__Exercise__
Report every line of the records below that includes the string "glyphs".

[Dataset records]
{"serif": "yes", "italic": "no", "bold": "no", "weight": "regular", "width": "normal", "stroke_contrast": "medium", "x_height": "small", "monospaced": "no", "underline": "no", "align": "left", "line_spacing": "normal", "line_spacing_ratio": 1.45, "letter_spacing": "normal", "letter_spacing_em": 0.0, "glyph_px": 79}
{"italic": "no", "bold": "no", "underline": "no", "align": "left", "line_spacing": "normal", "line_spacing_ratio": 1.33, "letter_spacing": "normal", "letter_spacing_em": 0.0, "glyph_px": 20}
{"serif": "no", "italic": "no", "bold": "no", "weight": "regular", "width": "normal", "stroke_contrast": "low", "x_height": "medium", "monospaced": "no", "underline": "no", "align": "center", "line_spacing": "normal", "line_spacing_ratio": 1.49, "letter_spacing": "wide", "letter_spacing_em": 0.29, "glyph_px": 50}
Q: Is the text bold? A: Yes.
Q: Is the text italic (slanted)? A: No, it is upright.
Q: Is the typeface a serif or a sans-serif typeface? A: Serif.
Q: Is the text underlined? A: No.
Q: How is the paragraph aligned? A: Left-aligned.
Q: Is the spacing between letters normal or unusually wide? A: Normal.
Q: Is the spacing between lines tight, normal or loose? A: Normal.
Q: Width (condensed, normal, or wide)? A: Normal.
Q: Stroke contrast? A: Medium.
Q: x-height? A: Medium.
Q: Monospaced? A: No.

* * *

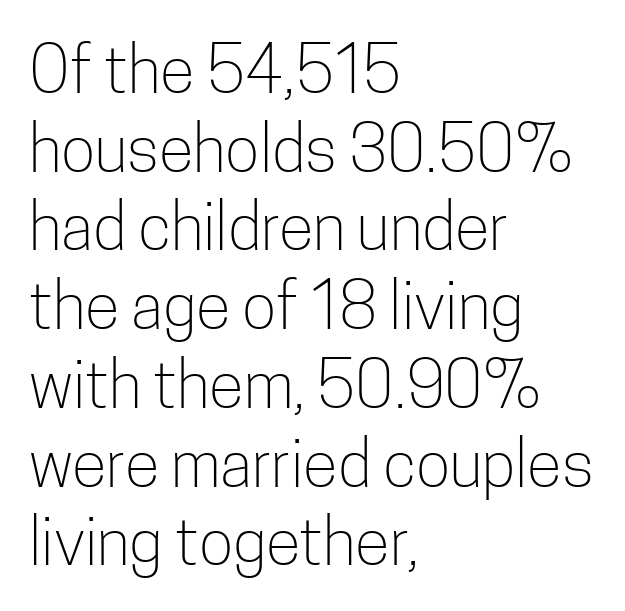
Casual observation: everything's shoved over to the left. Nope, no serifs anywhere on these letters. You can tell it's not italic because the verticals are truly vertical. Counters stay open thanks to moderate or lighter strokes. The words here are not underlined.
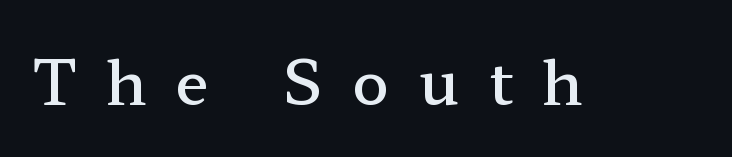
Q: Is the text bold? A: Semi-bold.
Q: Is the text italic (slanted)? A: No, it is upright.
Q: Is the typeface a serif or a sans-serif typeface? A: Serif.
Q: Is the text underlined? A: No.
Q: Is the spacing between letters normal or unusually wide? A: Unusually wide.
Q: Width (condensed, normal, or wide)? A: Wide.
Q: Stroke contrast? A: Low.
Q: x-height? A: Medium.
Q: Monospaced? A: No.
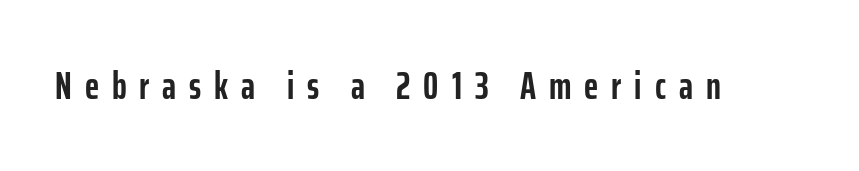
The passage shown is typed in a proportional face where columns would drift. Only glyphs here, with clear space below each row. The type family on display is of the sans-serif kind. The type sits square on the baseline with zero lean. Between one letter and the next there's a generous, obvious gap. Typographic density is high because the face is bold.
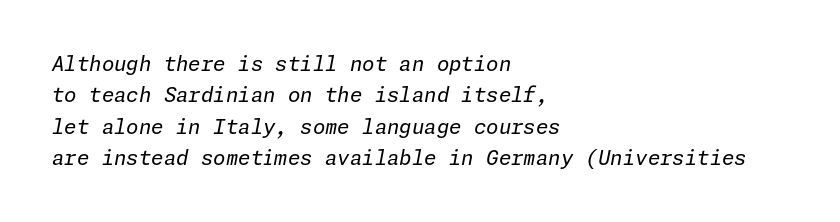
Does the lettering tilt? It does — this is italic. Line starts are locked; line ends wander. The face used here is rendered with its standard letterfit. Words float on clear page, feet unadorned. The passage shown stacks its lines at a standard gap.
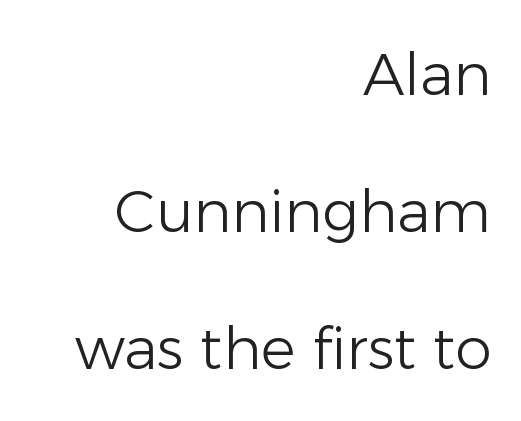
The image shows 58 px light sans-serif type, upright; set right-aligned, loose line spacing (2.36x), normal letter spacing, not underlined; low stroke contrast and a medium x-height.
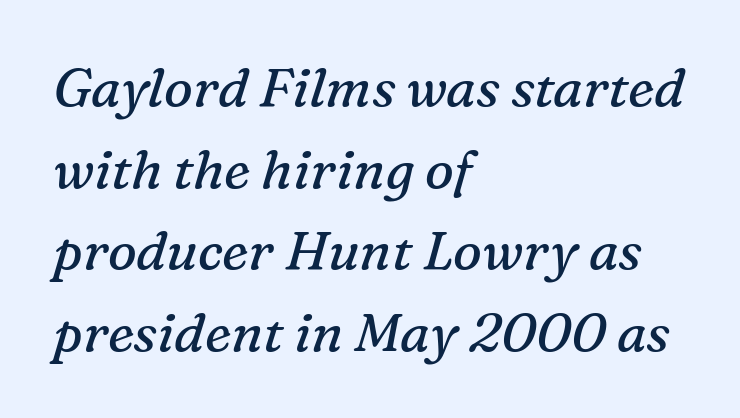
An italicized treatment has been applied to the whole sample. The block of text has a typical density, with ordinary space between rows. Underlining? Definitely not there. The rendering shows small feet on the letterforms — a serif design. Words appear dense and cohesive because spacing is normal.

==

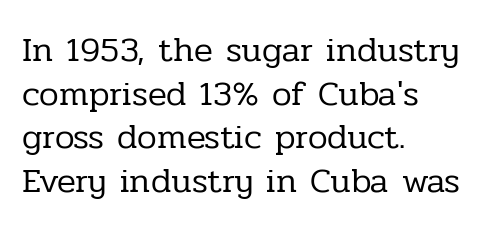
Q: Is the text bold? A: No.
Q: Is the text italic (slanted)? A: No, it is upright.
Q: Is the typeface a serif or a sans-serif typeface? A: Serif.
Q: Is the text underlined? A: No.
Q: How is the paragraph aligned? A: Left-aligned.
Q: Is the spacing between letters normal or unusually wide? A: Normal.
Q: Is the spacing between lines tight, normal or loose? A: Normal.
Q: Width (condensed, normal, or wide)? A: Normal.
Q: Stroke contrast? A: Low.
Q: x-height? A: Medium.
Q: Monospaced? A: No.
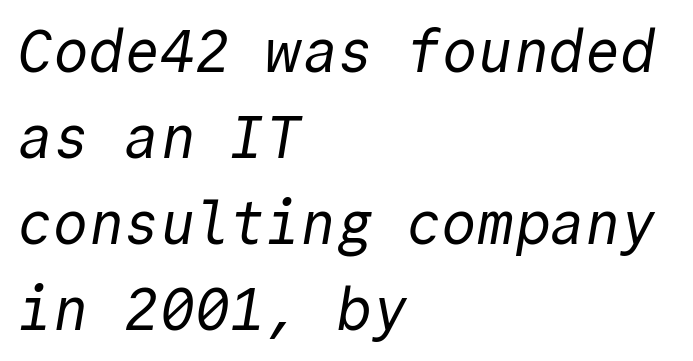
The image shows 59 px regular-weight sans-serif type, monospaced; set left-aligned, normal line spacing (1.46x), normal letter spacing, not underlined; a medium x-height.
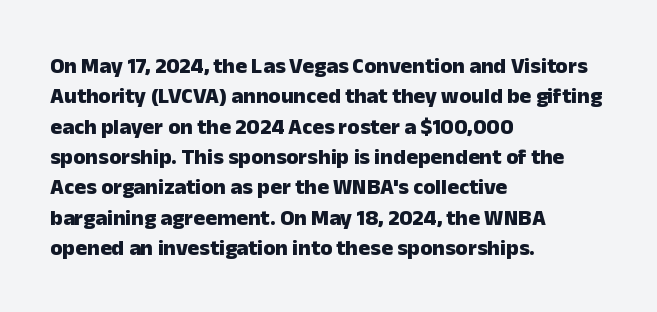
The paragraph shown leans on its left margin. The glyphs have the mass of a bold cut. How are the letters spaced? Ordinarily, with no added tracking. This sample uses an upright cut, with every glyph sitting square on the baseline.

__Solution__
The passage shown is typed in a proportional face where columns would drift. Only glyphs here, with clear space below each row. The type family on display is of the sans-serif kind. The type sits square on the baseline with zero lean. Between one letter and the next there's a generous, obvious gap. Typographic density is high because the face is bold.
The paragraph shown leans on its left margin. The glyphs have the mass of a bold cut. How are the letters spaced? Ordinarily, with no added tracking. This sample uses an upright cut, with every glyph sitting square on the baseline.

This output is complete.